◆ **EXERCISE OBJECTIVE**: Transcribe these records exactly, dropping every picture.

◆ **Recorded data**:
* * *
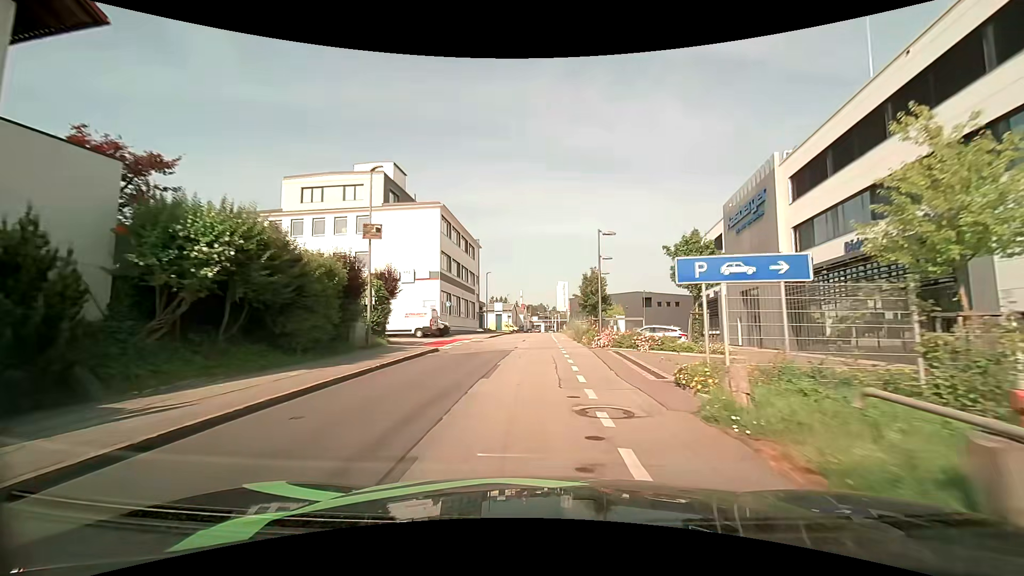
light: Day
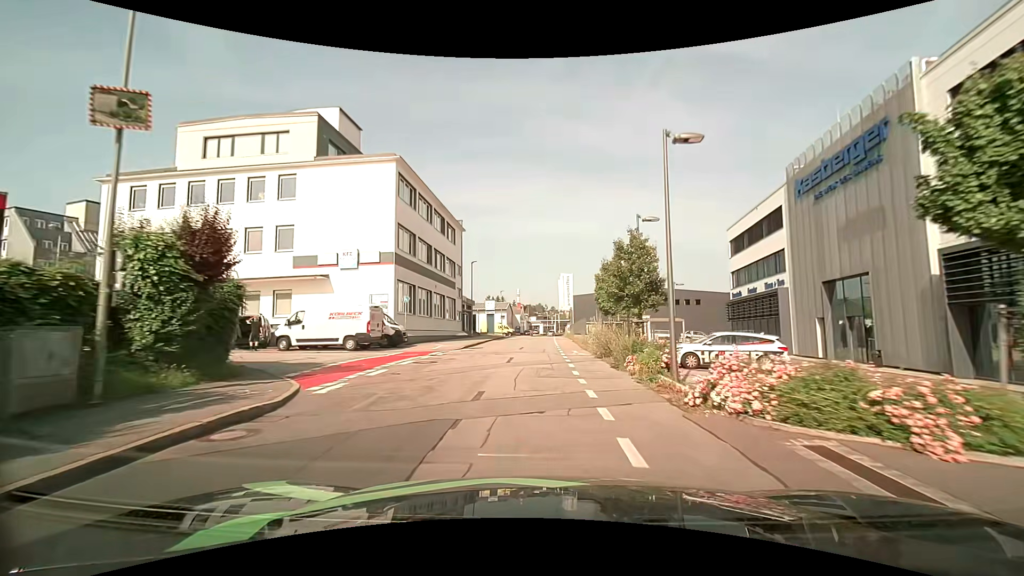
(0.0, +13.8) m; 0°
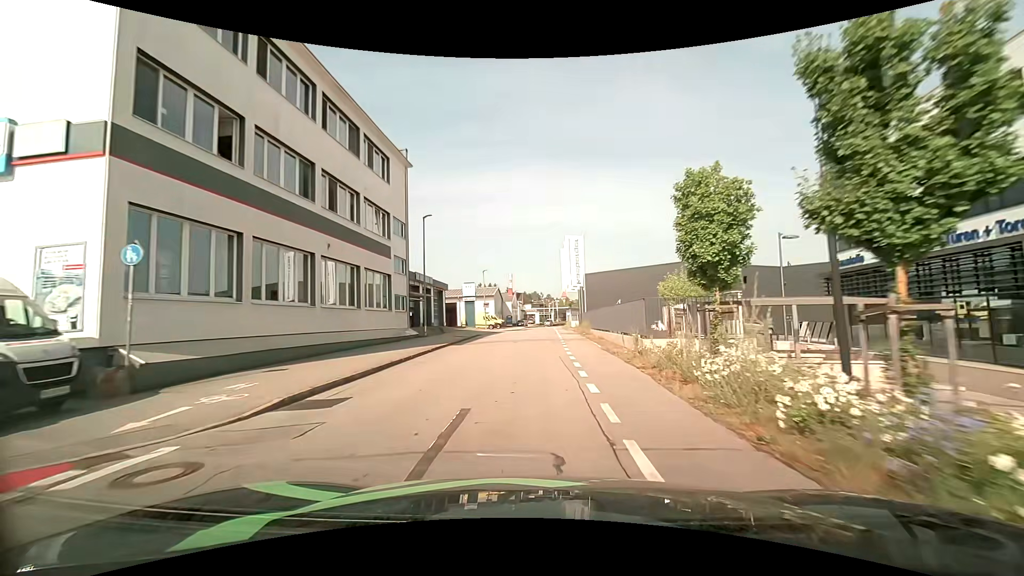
(0.0, +20.7) m; +1°
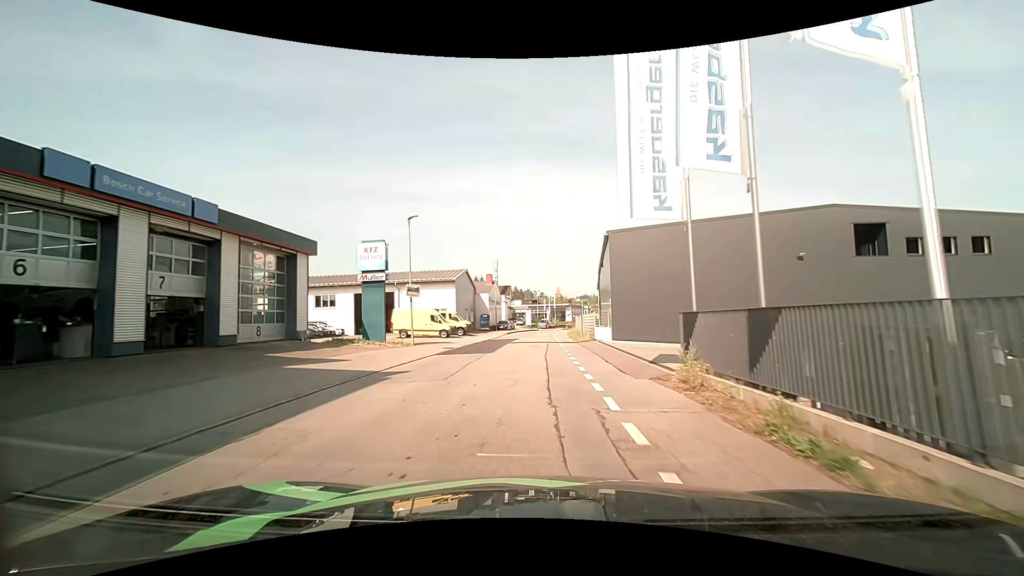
(0.0, +35.2) m; 0°
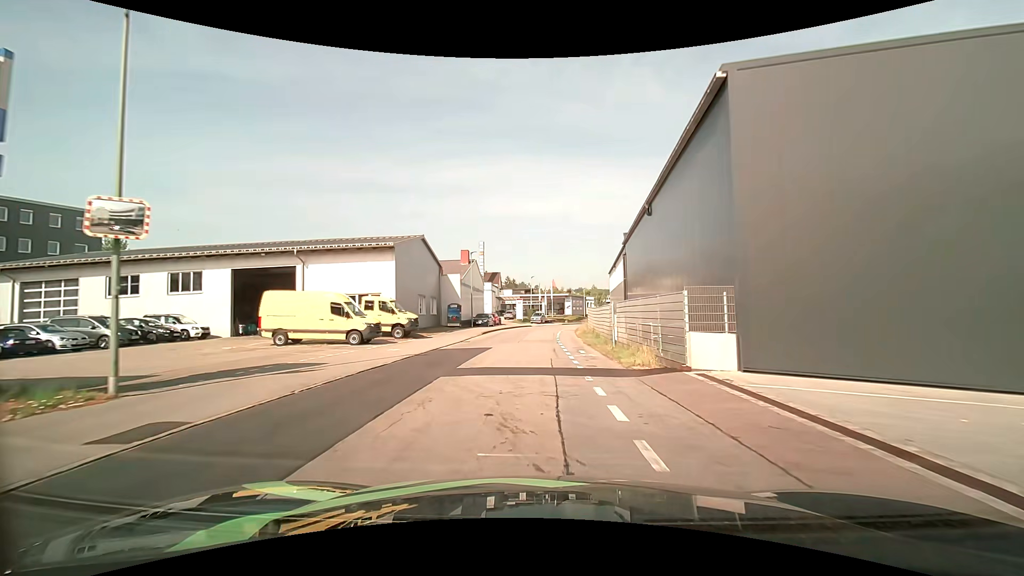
(+0.1, +20.9) m; +1°
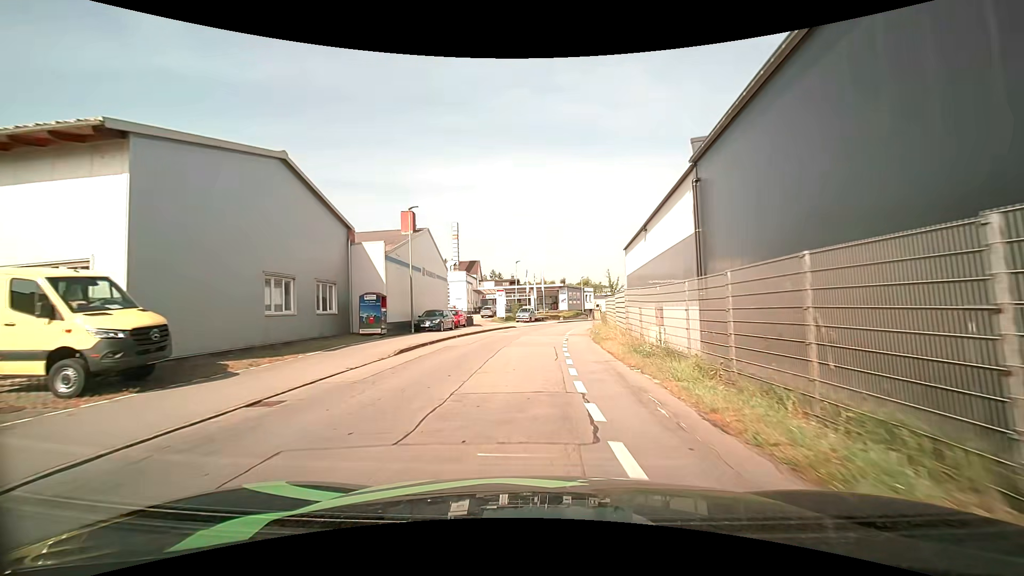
(+0.2, +20.6) m; +1°
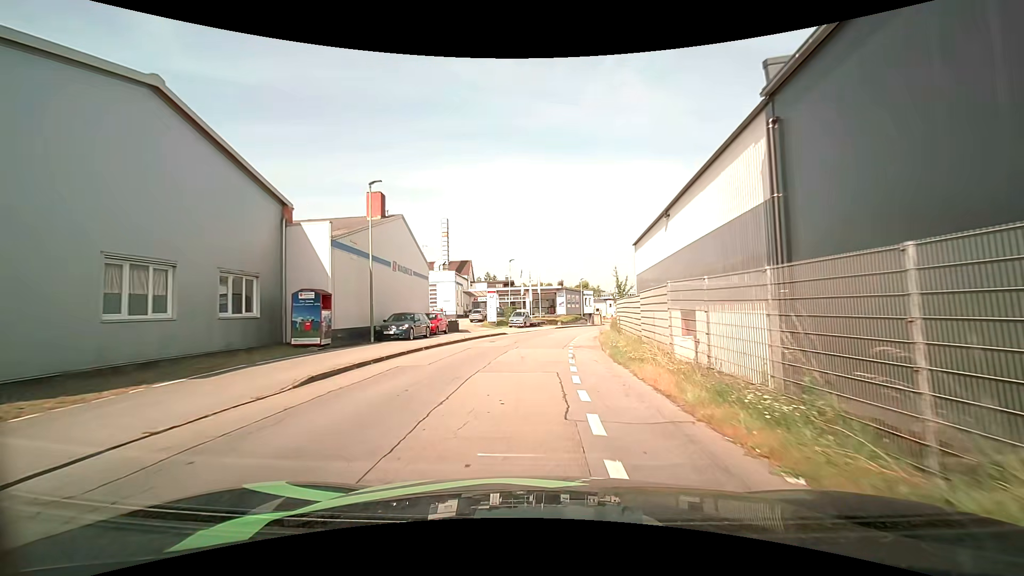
(+0.1, +6.7) m; +1°
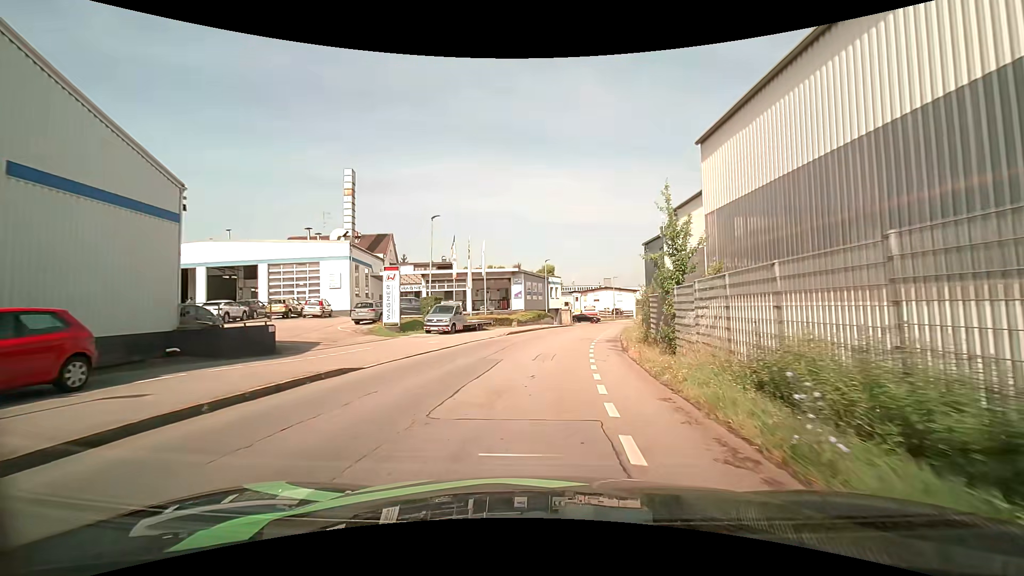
(+0.5, +25.2) m; +3°
(0, +10) (+1, +20) (+3, +30) (+5, +40) (+7, +49) (+10, +59) (+14, +68) (+17, +78) (+21, +87) (+25, +96) m
* * *
◆ **EXERCISE SOLUTION**:
light: Day
(0.0, +13.8) m; 0°
(0.0, +20.7) m; +1°
(0.0, +35.2) m; 0°
(+0.1, +20.9) m; +1°
(+0.2, +20.6) m; +1°
(+0.1, +6.7) m; +1°
(+0.5, +25.2) m; +3°
(0, +10) (+1, +20) (+3, +30) (+5, +40) (+7, +49) (+10, +59) (+14, +68) (+17, +78) (+21, +87) (+25, +96) m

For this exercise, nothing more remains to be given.